The deepening Beijing-Moscow relationship following the invasion of Ukraine, including increased military coordination between Russia and China, and newer-model equipment and the implementation of large-scale military exercises in the Far East region has led Tokyo to similar conclusions to those of Michał Bogusz, Jakub Jakóbowski, and Witold Rodkiewicz in their report “The Beijing-Moscow axis: The foundations of an asymmetric alliance”. For Tokyo, the Russian-Chinese quasi-alliance is a strategic convergence of Beijing’s and Moscow’s priorities to strengthen their strategic positions vis-à-vis the US. By “simultaneous aggressive policies – Russia in Europe, and China in the Indo-Pacific”, they each seek to dilute Washington’s limited resources “to put an end to the dominant role of the United States and Western institutions on the international arena, and to create a favourable international environment for the survival of their authoritarian regimes”.

Kyiv’s willingness to defend itself against Russian aggression has garnered support from the US, the EU, Japan, South Korea, and Australia in terms of providing additional military and non-military resources to defend Ukraine. This is in addition to the diplomatic coordination that has occurred to pressure Moscow with financial and other sanctions. Ukraine’s unexpected success in defending its territory from Russia’s invasion has planted into the minds of security planners in Tokyo the importance of investing in Japan’s security instead of just depending on its alliance partner, the US, to come to its aid in the case of a conflict involving North Korea, Taiwan, or the East China and South China Seas. Simply, if Tokyo is not willing to defend itself, why should it expect the US to shed blood on its behalf?

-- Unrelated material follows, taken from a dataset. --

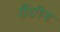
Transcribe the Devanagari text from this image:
ग्रैंग्रीन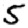
Digit: 5

Moreover, Tokyo has seen Ukraine’s absence from multi- lateral security, economic, and other frameworks as part of the explanation for Russia’s willingness to invade Ukraine. As a result, Tokyo continues to deepen its alliance partnership with the US, to diversify its security partnerships through reciprocal access agreements (RAA) with the UK and Australia, and to expand its leadership and cooperation within the Quadrilateral Security Dialogue (Quad). It has even formed new Quad minilateral cooperative partnerships with the US, Australia, and the Philippines.